What you are asked to do:
All lines holding the word "widths" in the listing below need to be copied.

•••••

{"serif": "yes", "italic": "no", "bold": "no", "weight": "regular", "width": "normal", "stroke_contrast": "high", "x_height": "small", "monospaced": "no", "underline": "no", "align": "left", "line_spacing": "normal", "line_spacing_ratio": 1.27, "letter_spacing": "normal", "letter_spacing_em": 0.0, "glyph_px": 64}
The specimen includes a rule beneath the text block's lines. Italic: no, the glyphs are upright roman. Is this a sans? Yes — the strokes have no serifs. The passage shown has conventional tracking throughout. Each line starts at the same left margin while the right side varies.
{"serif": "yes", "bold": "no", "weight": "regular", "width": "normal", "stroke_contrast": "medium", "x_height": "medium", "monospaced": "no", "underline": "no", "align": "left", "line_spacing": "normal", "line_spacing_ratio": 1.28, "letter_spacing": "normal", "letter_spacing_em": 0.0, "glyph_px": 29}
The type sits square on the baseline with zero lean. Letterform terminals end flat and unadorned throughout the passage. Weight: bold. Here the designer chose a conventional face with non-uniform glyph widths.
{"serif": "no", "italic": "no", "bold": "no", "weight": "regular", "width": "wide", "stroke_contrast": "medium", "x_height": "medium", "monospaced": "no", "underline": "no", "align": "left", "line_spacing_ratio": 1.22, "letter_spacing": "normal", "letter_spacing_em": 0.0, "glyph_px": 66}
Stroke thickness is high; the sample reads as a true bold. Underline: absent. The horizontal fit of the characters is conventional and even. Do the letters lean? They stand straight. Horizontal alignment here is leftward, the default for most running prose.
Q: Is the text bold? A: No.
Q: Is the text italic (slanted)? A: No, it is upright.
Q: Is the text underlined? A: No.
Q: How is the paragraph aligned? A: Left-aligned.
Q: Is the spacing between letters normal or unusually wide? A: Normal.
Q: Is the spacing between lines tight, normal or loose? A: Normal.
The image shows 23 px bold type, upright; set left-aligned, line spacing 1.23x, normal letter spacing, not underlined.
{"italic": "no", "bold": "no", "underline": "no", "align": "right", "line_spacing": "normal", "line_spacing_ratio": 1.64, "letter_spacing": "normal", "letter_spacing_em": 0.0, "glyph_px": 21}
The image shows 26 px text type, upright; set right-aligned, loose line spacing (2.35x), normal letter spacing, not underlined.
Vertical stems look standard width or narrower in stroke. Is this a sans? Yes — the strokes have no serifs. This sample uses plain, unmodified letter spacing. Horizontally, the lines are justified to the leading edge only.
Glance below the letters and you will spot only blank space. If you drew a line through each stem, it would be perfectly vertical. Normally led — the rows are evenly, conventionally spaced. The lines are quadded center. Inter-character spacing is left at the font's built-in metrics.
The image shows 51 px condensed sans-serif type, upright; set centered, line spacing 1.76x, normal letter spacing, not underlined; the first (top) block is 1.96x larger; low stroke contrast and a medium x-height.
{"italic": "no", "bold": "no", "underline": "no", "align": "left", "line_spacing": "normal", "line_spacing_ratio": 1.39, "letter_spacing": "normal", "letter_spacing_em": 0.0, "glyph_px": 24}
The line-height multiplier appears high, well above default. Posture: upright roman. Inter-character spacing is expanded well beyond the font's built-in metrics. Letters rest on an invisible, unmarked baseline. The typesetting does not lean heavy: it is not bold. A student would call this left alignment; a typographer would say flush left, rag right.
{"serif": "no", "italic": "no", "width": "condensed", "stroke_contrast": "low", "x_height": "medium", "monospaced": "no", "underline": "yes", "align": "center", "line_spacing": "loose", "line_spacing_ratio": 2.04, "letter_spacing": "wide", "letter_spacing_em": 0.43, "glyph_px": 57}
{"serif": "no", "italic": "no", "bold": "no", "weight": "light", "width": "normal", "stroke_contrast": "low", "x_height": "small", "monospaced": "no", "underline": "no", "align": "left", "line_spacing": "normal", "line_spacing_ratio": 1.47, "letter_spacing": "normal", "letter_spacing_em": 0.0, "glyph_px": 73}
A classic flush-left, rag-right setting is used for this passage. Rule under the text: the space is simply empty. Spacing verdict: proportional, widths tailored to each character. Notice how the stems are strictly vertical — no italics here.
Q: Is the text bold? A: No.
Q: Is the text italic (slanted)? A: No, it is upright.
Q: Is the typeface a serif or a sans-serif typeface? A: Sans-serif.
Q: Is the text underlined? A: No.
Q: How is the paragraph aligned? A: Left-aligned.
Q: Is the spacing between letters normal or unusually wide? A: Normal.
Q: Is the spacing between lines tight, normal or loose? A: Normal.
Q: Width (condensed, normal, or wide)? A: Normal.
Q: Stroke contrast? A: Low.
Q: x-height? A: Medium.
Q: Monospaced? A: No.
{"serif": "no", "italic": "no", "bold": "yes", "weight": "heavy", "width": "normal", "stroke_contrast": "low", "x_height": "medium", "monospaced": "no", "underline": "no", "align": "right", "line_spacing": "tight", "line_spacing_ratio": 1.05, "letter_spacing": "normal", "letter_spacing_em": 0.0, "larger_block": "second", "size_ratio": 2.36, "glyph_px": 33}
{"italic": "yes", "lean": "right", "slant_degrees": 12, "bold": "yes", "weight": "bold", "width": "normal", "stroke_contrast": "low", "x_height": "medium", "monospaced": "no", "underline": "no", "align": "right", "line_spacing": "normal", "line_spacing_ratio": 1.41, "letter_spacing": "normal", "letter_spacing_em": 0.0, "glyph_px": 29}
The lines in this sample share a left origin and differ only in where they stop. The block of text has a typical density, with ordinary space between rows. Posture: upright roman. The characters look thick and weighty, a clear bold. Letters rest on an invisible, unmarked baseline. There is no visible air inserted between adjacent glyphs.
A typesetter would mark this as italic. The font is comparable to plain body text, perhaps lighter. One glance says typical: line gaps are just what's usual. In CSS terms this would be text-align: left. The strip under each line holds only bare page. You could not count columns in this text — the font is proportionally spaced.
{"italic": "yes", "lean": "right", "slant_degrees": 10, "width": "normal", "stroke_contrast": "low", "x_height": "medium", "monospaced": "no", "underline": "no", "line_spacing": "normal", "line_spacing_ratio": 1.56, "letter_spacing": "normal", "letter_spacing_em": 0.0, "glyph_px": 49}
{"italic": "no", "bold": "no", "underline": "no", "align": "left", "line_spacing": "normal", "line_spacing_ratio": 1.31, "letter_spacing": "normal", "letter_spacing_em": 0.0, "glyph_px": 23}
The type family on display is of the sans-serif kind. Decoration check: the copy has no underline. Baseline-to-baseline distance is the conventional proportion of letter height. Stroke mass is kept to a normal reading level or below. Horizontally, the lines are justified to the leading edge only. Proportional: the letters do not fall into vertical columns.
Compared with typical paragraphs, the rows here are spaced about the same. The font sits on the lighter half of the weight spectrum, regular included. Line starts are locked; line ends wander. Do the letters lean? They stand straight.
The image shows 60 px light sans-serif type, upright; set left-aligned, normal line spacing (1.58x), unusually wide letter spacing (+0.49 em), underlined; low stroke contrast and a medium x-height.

•••••

Completed task:
The type sits square on the baseline with zero lean. Letterform terminals end flat and unadorned throughout the passage. Weight: bold. Here the designer chose a conventional face with non-uniform glyph widths.
A classic flush-left, rag-right setting is used for this passage. Rule under the text: the space is simply empty. Spacing verdict: proportional, widths tailored to each character. Notice how the stems are strictly vertical — no italics here.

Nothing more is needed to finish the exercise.